Taking place across November and December, Write for Rights will see people around the world send millions of cards, emails and social media posts of solidarity to individuals whose fundamental rights are being threatened or denied, while urging those in power to put a halt to the abuses.

This year, the global Write for Rights campaign will focus on 10 cases of individuals and communities from across the world who are facing human rights violations, including:

  • Rocky Myers, a Black man, has been on death row in Alabama, USA, since 1994. A nearly all-white jury convicted and sentenced him to life without the possibility of parole for the murder of his white neighbour. The trial judge overrode their decision and imposed a death sentence - a practice now outlawed in Alabama. No evidence linked Rocky to the murder, except for a VCR stolen from the victim, which he maintains he had found abandoned in the street. In 2018, Rocky and others on death row were given 30 days to choose if they wanted to die by nitrogen gas asphyxiation or by amended lethal injection protocols. Rocky chose the former, and his execution could be reset as soon as the new protocol for execution by nitrogen gas asphyxiation is finalised and ready to be implemented, which is expected by the end of this year.
  • Rita Karasartova, a Kyrgyzstan-based human rights defender who works for the Institute of Civic Analysis - a human rights organisation and thinktank. Rita was arrested in October 2022 for joining group of activists who objected to a border demarcation agreement with Uzbekistan. After the group called for a public assembly and formed a committee to oppose the agreement, Rita and others were charged with attempting to violently overthrow the government, which carries a maximum sentence of 15 years imprisonment. Rita is now under house arrest and a strict curfew.
  • Ahmed Mansoor is a human rights defender and previously won the prestigious Martin Ennals Award for Human Rights Defenders in 2015. Ahmed has documented human rights abuses in the UAE since 2006, until he was arrested in early 2011 and March 2017, he was given a 10-year prison sentence. He has been held in solitary confinement since the beginning of his detention, and continues to be denied a mattress, access to books, and to be permitted to go out in a yard.
  • Justyna Wydrzyńska is a reproductive rights defender in Poland and is one of the co-founders of the Abortion Dream Team, an activist collective campaigning against abortion stigma and offering advice on accessing safe abortion in Poland, where abortion laws are among the most restrictive in Europe. In March 2023 Justyna was convicted to 8 months’ community service for helping a pregnant woman to access abortion pills in Poland, setting a dangerous precedent in a country where abortion is almost completely banned.
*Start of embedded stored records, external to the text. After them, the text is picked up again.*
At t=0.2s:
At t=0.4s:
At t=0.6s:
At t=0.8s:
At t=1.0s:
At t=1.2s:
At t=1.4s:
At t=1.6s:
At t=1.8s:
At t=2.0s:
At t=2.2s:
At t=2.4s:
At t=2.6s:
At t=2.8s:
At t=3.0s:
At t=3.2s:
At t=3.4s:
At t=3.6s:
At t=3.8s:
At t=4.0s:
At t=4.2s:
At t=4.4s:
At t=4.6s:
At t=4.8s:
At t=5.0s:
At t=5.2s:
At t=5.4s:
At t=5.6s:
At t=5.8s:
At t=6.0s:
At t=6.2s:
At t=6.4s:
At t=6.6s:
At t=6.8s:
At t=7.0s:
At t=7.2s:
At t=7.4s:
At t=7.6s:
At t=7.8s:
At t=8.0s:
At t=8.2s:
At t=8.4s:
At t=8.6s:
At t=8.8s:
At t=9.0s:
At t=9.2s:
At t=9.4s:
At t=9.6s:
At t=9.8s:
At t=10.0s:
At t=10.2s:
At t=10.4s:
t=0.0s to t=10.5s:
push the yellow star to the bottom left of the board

Sacha Deshmukh, Chief Executive of Amnesty International UK, said:

“Write for Rights is an annual moment when millions of people from around the world come together to speak with a shared voice about human rights abuses around the world. While sending a letter may seem like a small gesture for any single one of us, the collective action of many of us has the potential to transform lives. 
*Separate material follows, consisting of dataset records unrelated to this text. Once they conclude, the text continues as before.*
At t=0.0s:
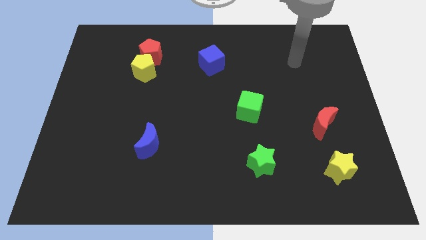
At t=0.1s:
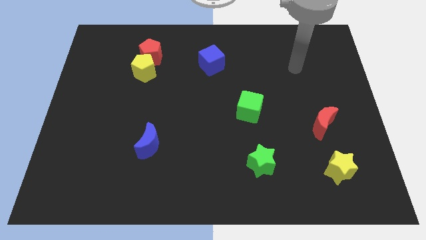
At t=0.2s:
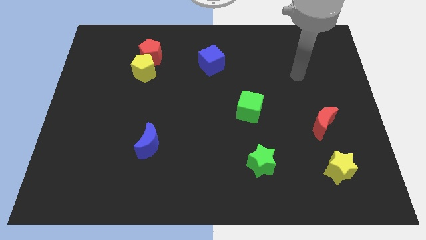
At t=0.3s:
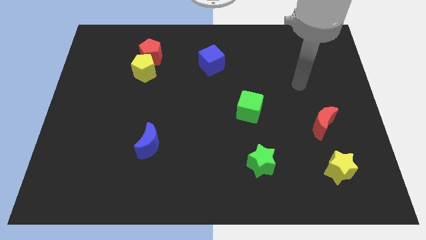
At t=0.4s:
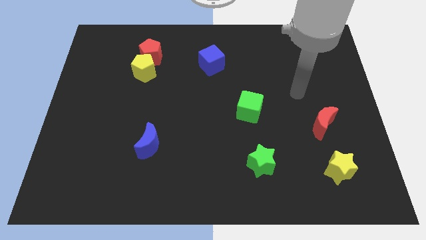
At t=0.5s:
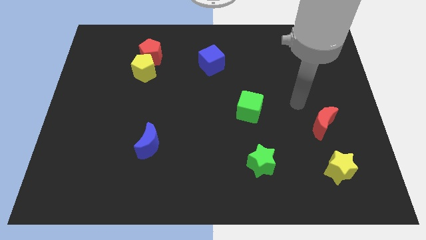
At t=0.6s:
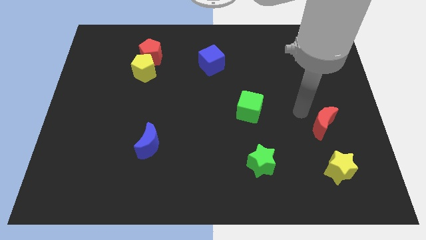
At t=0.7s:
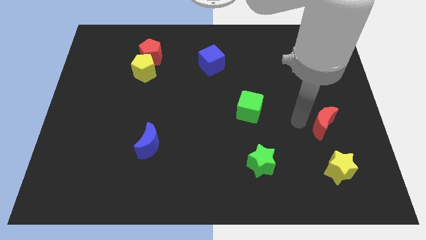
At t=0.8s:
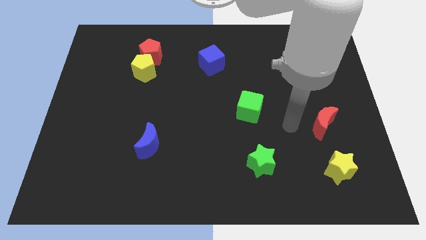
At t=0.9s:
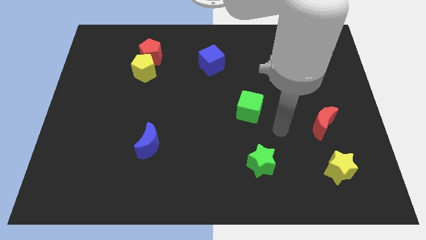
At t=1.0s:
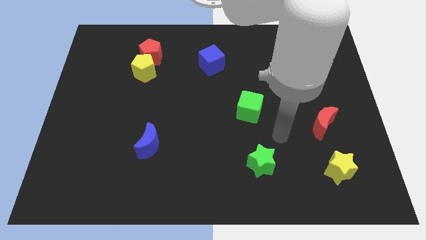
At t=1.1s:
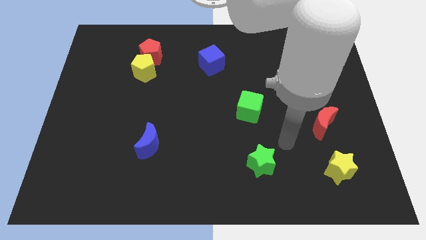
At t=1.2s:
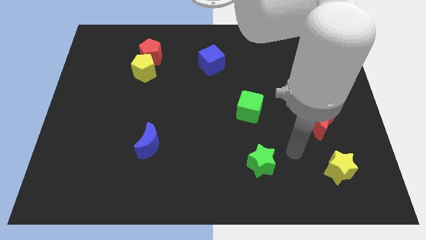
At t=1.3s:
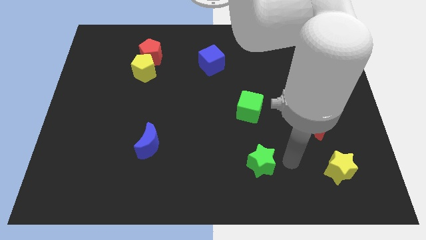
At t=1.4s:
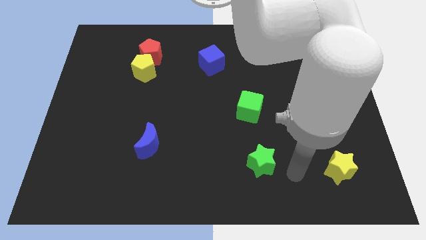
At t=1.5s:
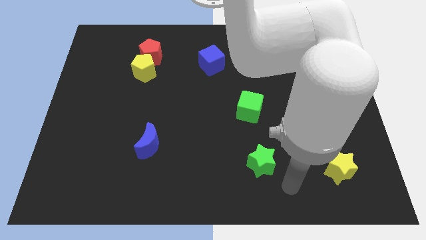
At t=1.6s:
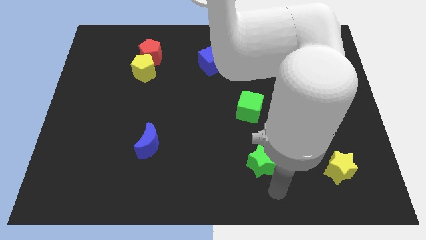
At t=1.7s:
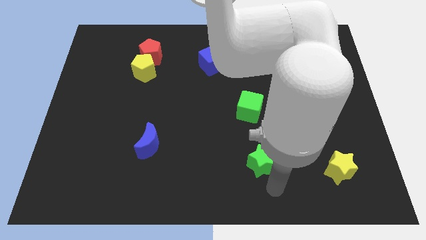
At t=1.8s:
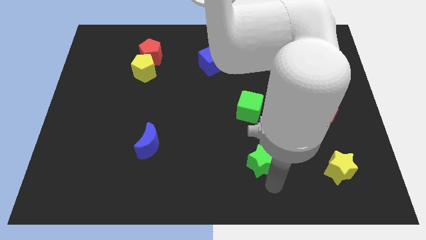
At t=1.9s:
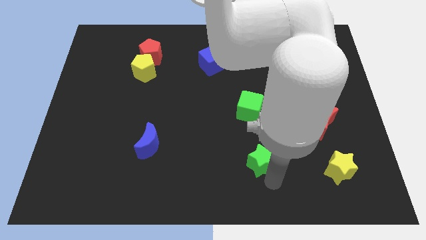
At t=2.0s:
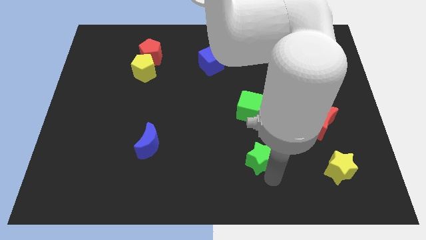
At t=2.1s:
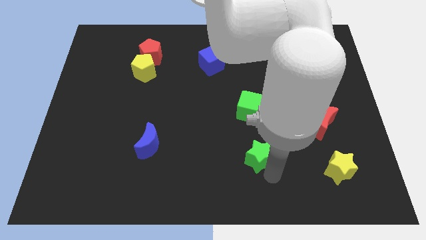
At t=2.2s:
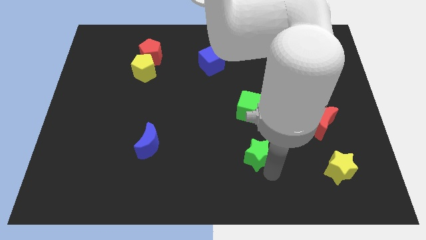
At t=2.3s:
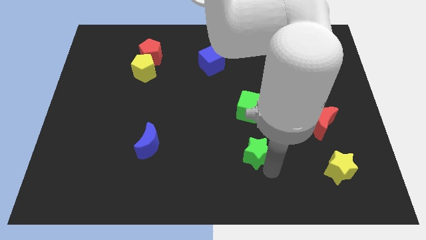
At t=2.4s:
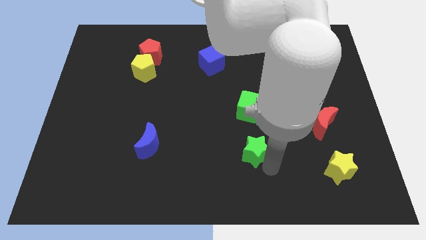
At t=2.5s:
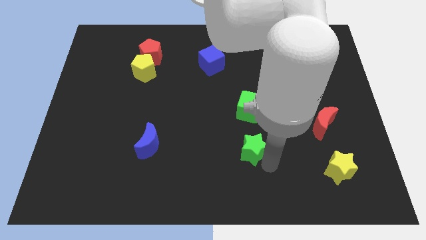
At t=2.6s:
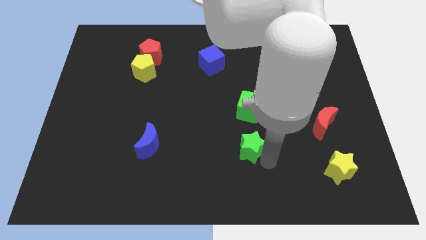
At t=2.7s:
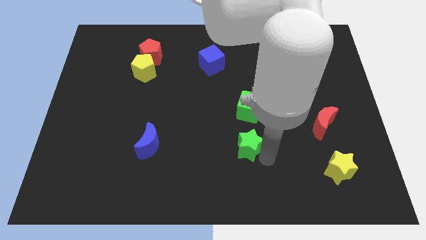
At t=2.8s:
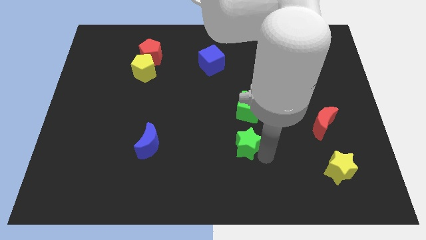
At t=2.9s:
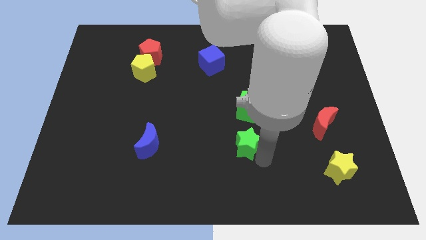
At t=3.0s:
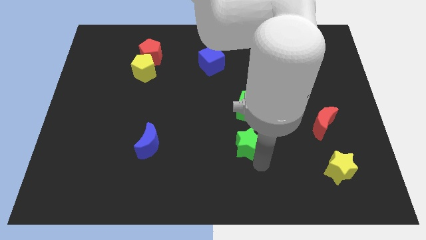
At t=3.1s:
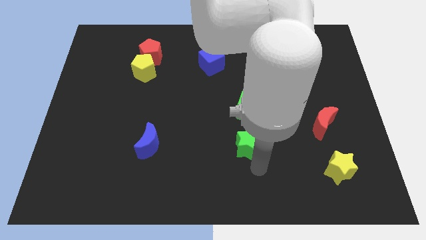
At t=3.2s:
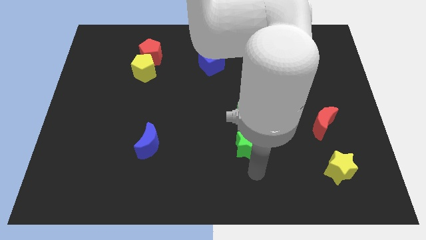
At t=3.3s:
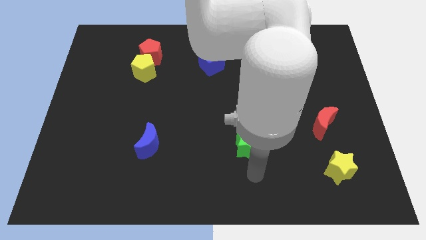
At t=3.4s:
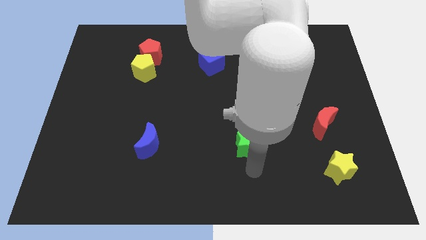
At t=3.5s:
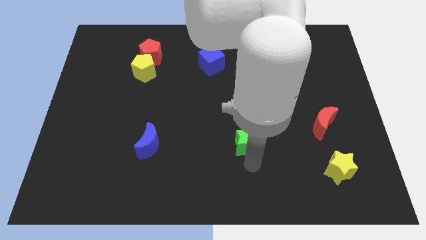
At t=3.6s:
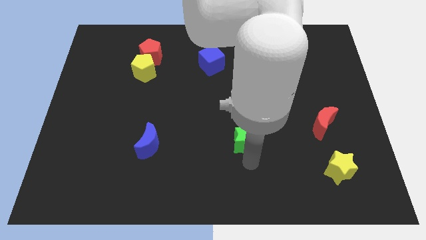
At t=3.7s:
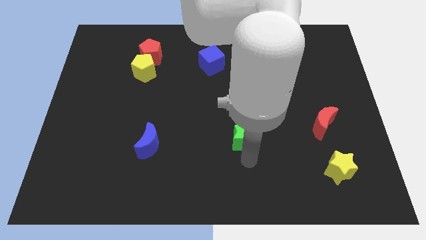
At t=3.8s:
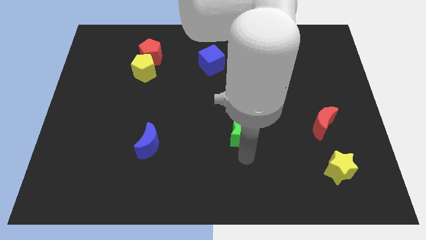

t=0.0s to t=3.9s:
move the green star to the center

“The individuals we are highlighting this year live very different lives in very different places, but sadly what unites them is that their fundamental rights are under attack. 

“We encourage as many people as possible to join in Write for Rights 2023 and create a powerful collective voice standing with these brave human rights defenders and together with them against the injustices that they face.”
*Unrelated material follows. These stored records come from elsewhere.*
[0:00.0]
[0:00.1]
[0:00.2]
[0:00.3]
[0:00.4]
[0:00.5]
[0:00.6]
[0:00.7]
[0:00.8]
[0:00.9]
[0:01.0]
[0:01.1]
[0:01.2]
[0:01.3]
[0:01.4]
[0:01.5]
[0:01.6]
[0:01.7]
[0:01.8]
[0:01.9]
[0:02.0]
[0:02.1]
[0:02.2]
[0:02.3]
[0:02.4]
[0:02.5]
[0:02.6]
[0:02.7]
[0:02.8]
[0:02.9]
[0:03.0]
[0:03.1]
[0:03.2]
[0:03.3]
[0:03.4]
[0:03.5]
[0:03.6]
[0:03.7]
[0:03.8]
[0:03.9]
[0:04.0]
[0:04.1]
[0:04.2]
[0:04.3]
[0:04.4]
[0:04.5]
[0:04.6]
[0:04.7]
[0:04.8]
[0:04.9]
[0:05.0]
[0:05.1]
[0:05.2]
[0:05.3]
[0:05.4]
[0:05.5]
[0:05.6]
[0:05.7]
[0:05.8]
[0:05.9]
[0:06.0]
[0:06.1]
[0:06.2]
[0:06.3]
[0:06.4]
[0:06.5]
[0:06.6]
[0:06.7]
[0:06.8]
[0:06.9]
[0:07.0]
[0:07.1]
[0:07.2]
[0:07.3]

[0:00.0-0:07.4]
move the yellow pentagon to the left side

Amnesty International’s Write for Rights campaign

Write for Rights dates back to the origins of Amnesty International in 1961. In the organisation’s early days, Amnesty campaigners wrote letters of support to individuals facing human rights violations. Now, Write for Rights is Amnesty’s flagship campaign, running every year to raise awareness about individuals whose rights are being seriously threatened.

Last year’s Write for Rights saw:

  • Over 5.3 million actions worldwide – of which at least 234,801 letters and cards were solidarity actions.
  • Letters were sent from around the world, from Zimbabwe to Hong Kong.
  • Amnesty’s International Secretariat digitally collected almost double the number of digital actions from 2021.
  • In the UK alone, 68,000 online actions were taken.